EXERCISE | Your answer should be the records, copied exactly, with the pictures removed.

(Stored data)
____________

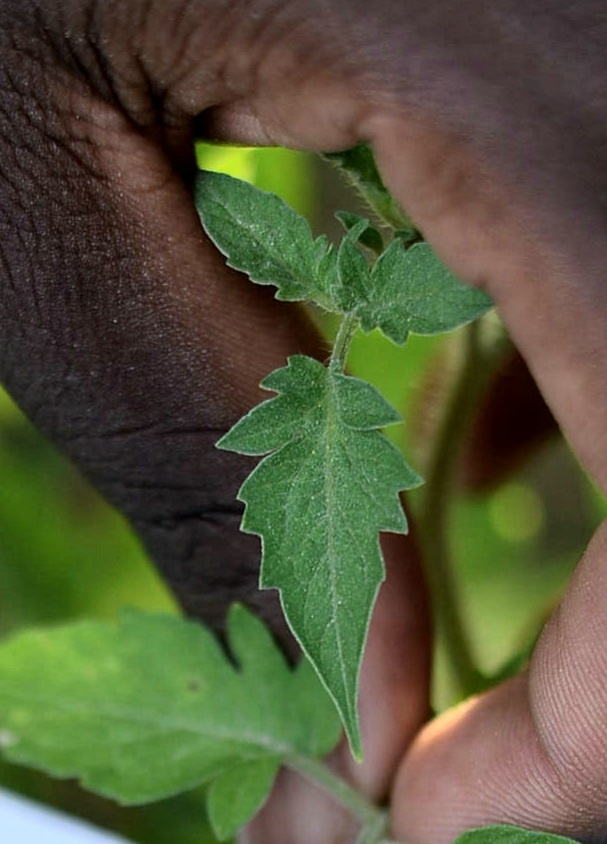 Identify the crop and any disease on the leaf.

tomato, healthy
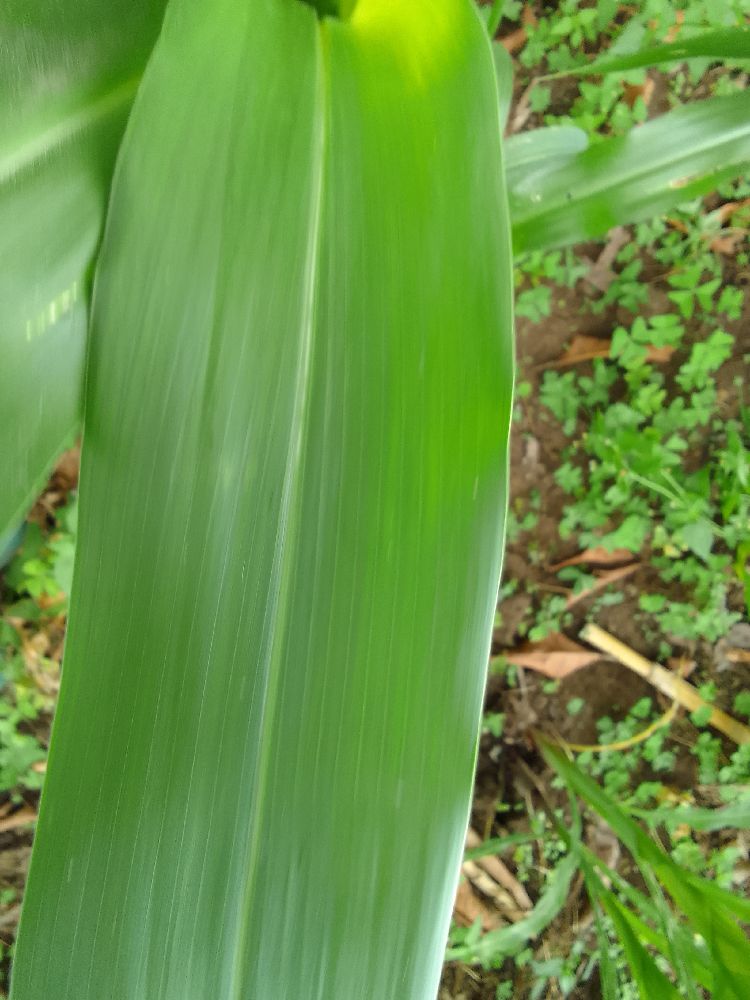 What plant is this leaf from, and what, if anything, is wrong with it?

maize, healthy
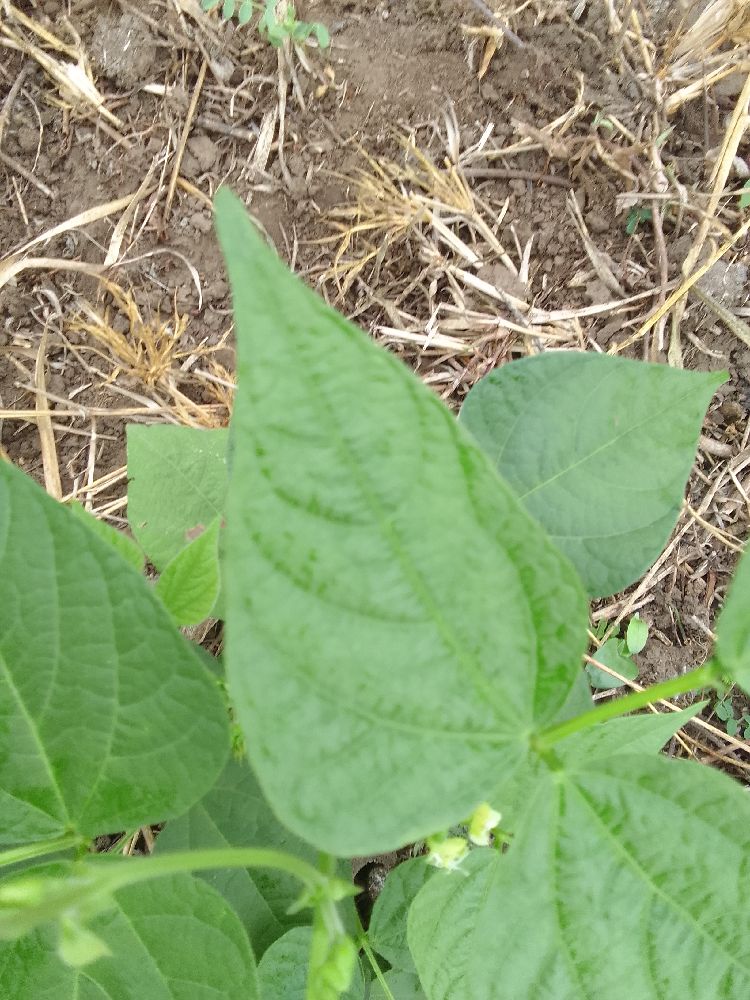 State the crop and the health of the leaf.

common bean, healthy
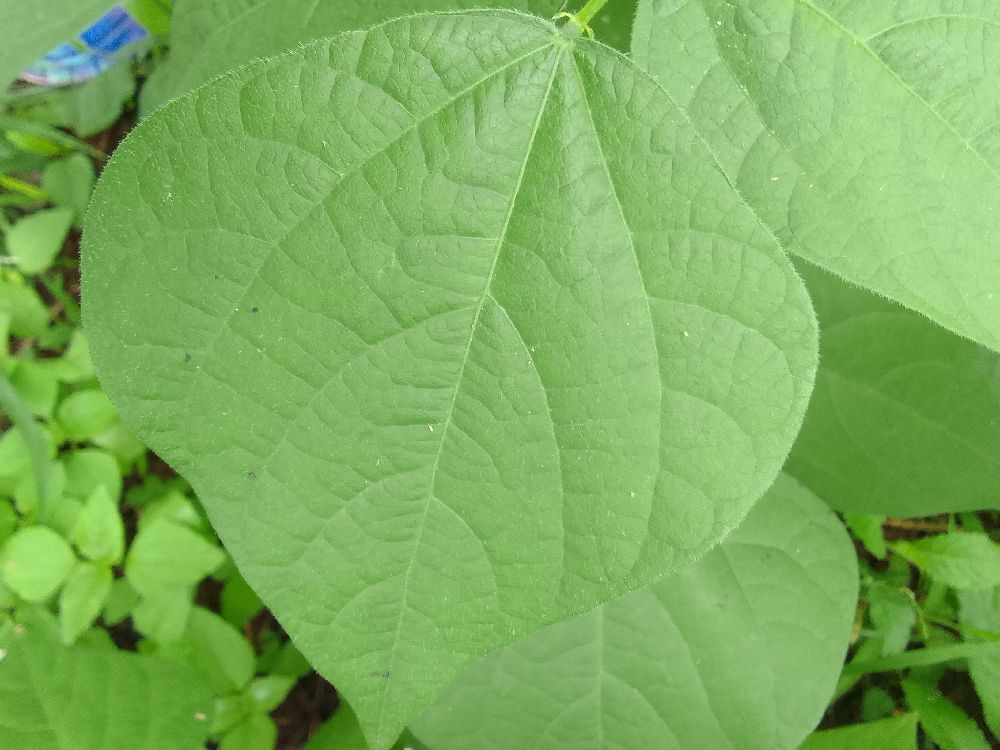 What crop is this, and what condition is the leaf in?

common bean, healthy
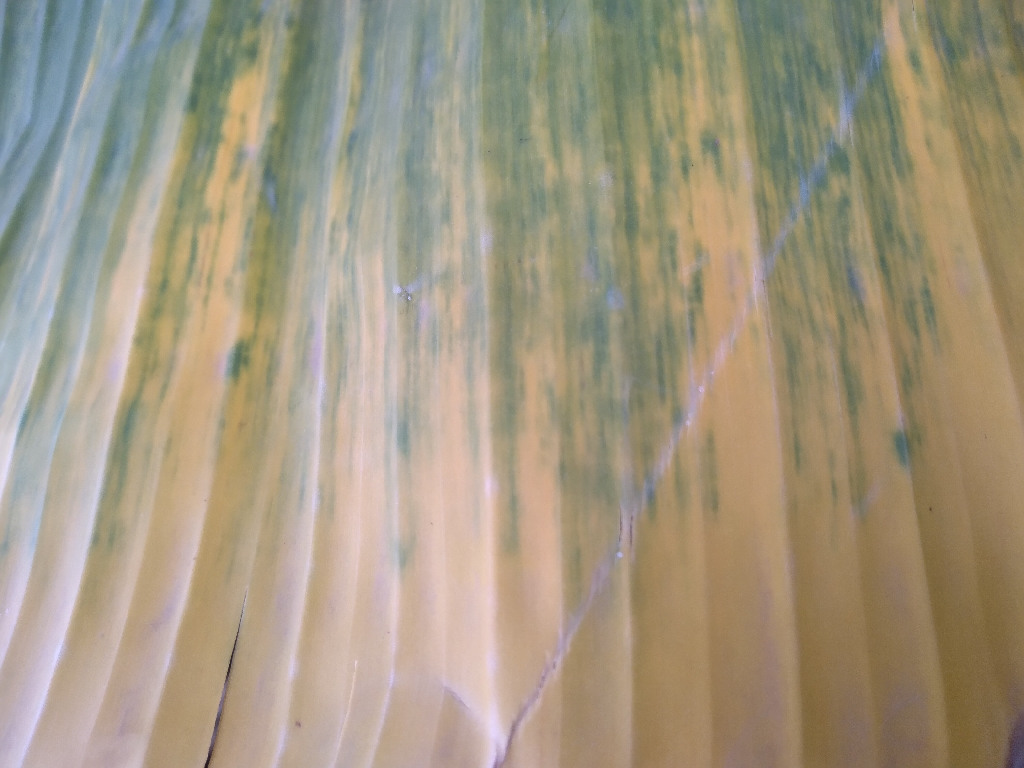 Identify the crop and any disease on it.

banana, fusarium wilt race 1
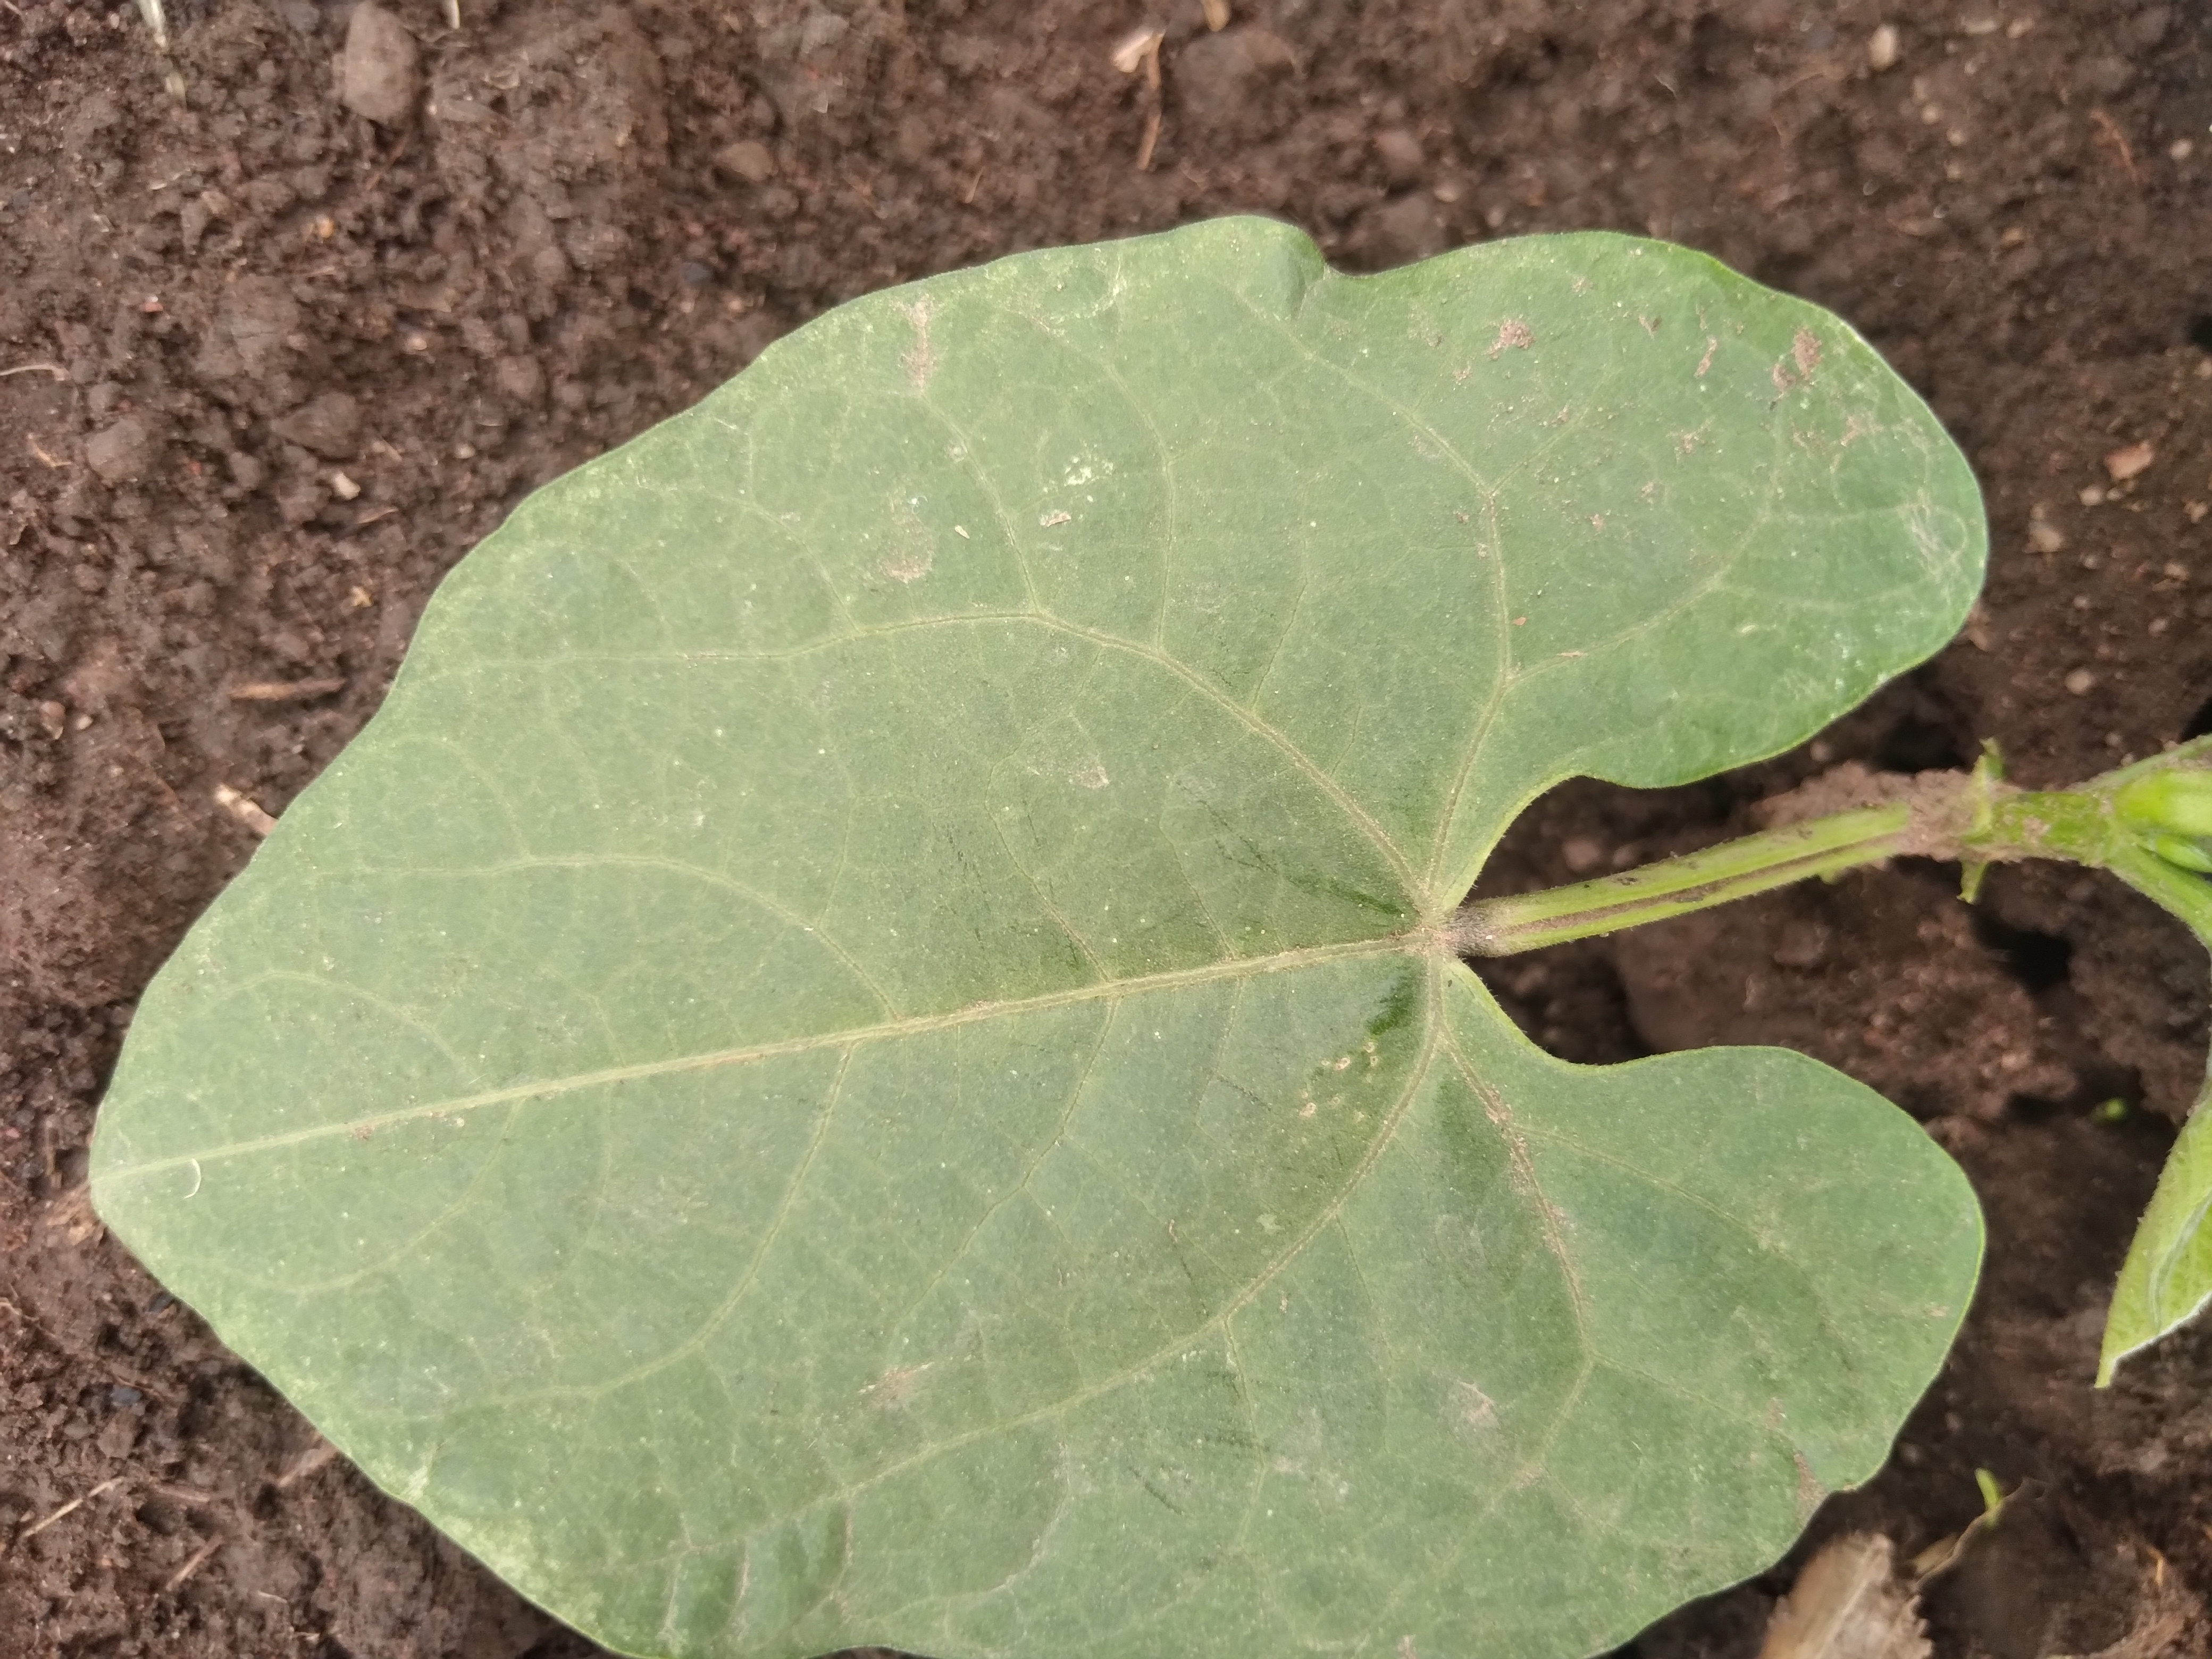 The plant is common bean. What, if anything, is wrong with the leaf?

healthy
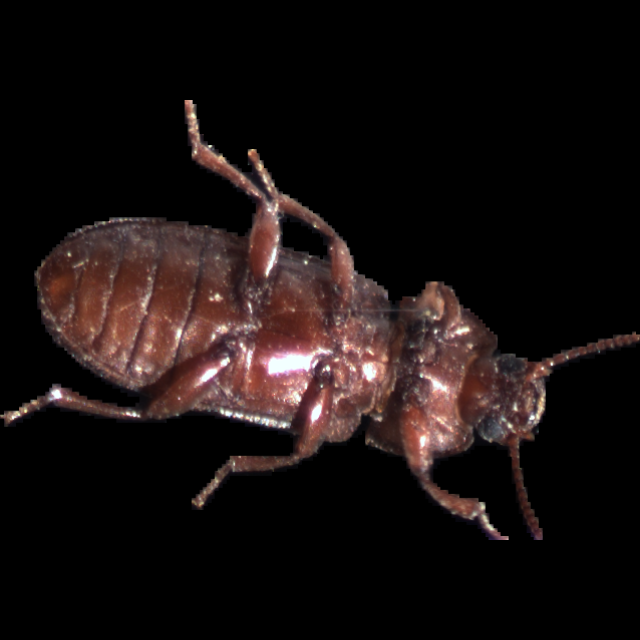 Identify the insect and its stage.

mealworm beetle
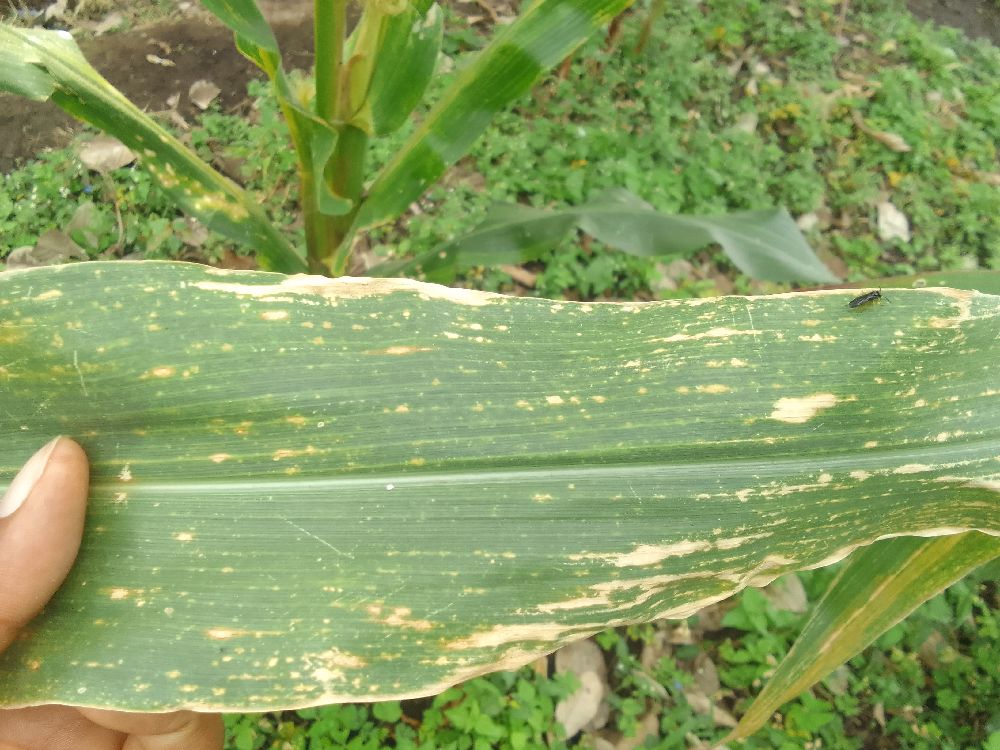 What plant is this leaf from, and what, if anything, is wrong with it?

maize, maize lethal necrosis
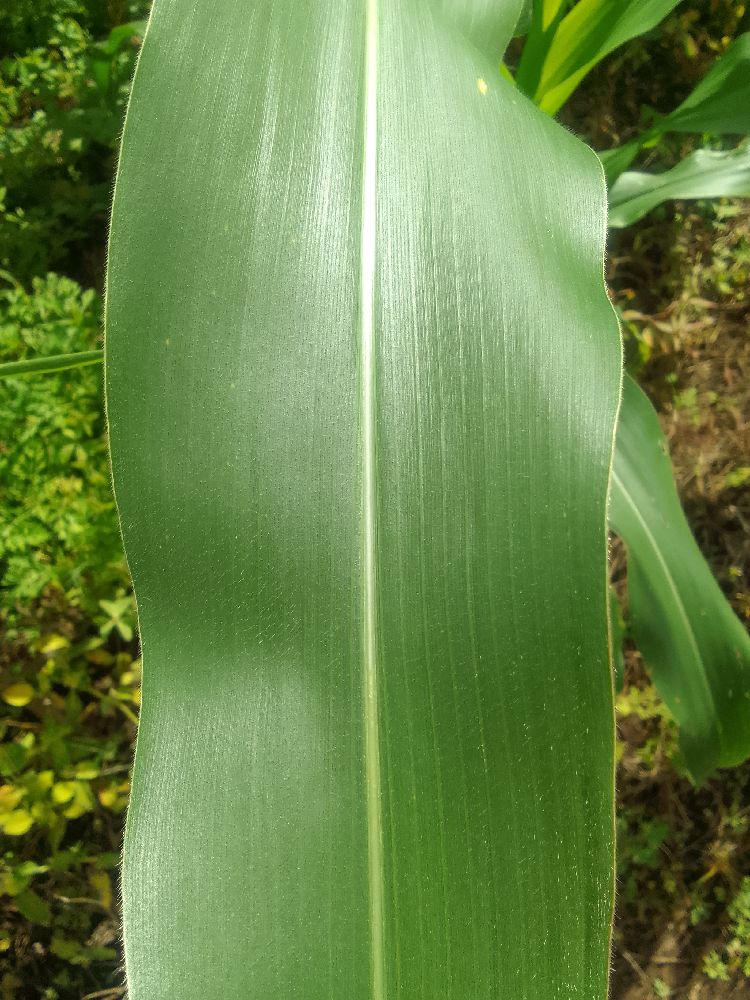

____________

RESPONSE AREA |
 Identify the crop and any disease on the leaf.

tomato, healthy
 What plant is this leaf from, and what, if anything, is wrong with it?

maize, healthy
 State the crop and the health of the leaf.

common bean, healthy
 What crop is this, and what condition is the leaf in?

common bean, healthy
 Identify the crop and any disease on it.

banana, fusarium wilt race 1
 The plant is common bean. What, if anything, is wrong with the leaf?

healthy
 Identify the insect and its stage.

mealworm beetle
 What plant is this leaf from, and what, if anything, is wrong with it?

maize, maize lethal necrosis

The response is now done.